Proof:When ${n=1}$,the inequality obviously holds.And it is easy to verify that ${x_1}$ and ${y_1}$ are linearly dependent.Suppose when ${n=k}$,the inequality holds,that is
$$(x_1y_1+\cdots +x_ky_k)^2\leq (x_1^2+\cdots +x_k^2)(y_1^2+\cdots +y_k^2)$$
And the equality holds if and only if ${(x_1,\cdots,x_k)}$ and ${(y_1,\cdots,y_k)}$ are linearly dependent.In case of ${n=k+1}$,
\begin{align*}(x_1y_1+\cdots +x_ky_k+x_{k+1}y_{k+1})^2&=(x_1y_1+\cdots +x_ky_k)^2+2x_{k+1}y_{k+1}(x_1y_1+\cdots+ x_ky_k)+(x_{k+1}y_{k+1})^2\\&\leq (x_1^2+\cdots +x_k^2)(y_1^2+\cdots +y_k^2)+2x_{k+1}y_{k+1}(x_1y_1+\cdots +x_ky_k)+(x_{k+1}y_{k+1})^2\\&\leq (x_1^2+\cdots +x_k^2)(y_1^2+\cdots +y_k^2)+2x_{k+1}y_{k+1}\sqrt{(x_1^2 +\cdots +x_k^2)(y_1^2+\cdots +y_k^2)}+(x_{k+1}y_{k+1})^2\\&\leq (x_1^2+\cdots +x_k^2)(y_1^2+\cdots +y_k^2)+x_{k+1}^2(y_1^2+\cdots +y_k^2)+y_{k+1}^2(x_1^2+\cdots +x_k^2)+(x_{k+1}y_{k+1})^2\\&=(x_1^2+\cdots +x_{k+1}^2)(y_1^2+\cdots +y_{k+1}^2)\end{align*}
The equality holds if and only if :
- ${(x_1,\cdots,x_k)}$ and ${(y_1,\cdots,y_k)}$ are linearly dependent.
- ${x_{k+1}\sqrt{y_1^2+\cdots +y_k^2}=y_{k+1}\sqrt{x_1^2+\cdots +x_k^2}}$
${(x_1,\cdots ,x_k)}$ and ${(y_1,\cdots ,y_k)}$ are linearly dependent,which means that ${a_1(x_1,\cdots ,x_k)+a_2(y_1,\cdots,y_k)=0}$ while ${a_1}$ or ${a_2}$ are not ${0}$,if ${a_1=0}$,then all of ${y_i(1\leq i\leq k)}$ are 0,so ${y_{k+1}=0}$ or all of ${x_i(1\leq i\leq k)}$ are 0,whatever the case,we can easily verify that ${(x_1,\cdots ,x_{k+1})}$ and ${(y_1,\cdots ,y_{k+1})}$ are linearly dependent.Similary,when ${a_2=0}$ ,we can get the same conclusion.When both ${a_1}$ and ${a_2}$ are not 0,then $${(x_1,\cdots,x_k)=\lambda (y_1,\cdots,y_k)(\lambda\neq 0)}$$so $${\frac{\sqrt{x_1^2+\cdots +x_k^2}}{\sqrt{y_1^2+\cdots +y_k^2}}=\lambda}$$ so $${\frac{x_{k+1}}{y_{k+1}}=\lambda }$$so ${(x_1,\cdots,x_{k+1})}$ and ${(y_1,\cdots,y_{k+1})}$ are linearly dependent.
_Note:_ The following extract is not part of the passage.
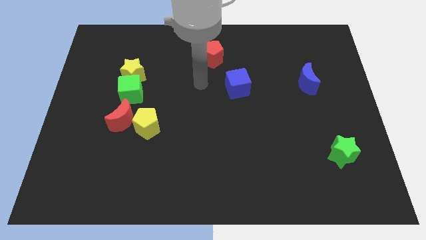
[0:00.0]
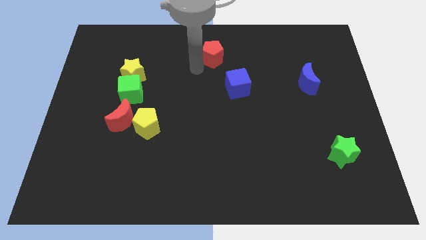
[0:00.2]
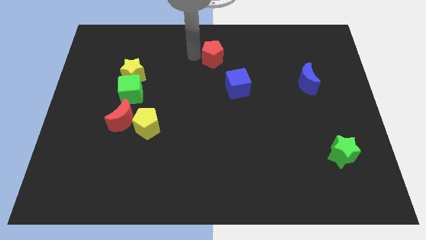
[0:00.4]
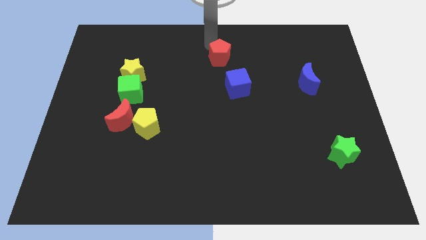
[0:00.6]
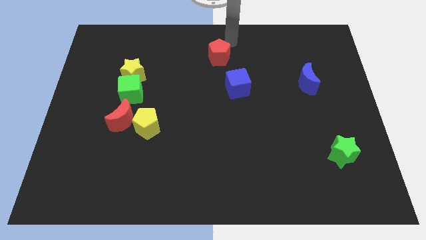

And,it is easy to verify that when ${(x_1,\cdots,x_n)}$ and ${(y_1,\cdots,y_n)}$ are linearly dependent,the equality holds.${\Box}$
Now I’d like to talk about another point.Why ${x_i,y_i(1\leq i\leq n)}$ should be non-negative?In fact,this prerequisite is not necessary,because
$$|x_1y_1+\cdots +x_ny_n|\leq |x_1||y_1|+\cdots +|x_n||y_n|$$
The equality holds if and only if ${x_1y_1,\cdots,x_ny_n}$ are all non-negative or all negative.So,$${(x_1y_1+\cdots+x_ny_n)^2\leq (|x_1||y_1|+\cdots +|x_n||y_n|)^2\leq (x_1^2+\cdots+x_n^2)(y_1^2+\dots+y_n^2)}$$
The equality holds iff :
- ${(|x_1|,\cdots,|x_n|)}$ and ${(|y_1|,\cdots,|y_n|)}$ are linearly dependent.
- ${x_1y_1,\cdots,x_ny_n}$ are all non-negative or all negative .
It is easy to verify that the above two point is equivalent to this point: ${(x_1,\cdots,x_n)}$ and ${(y_1,\cdots,y_n)}$ are linearly dependent.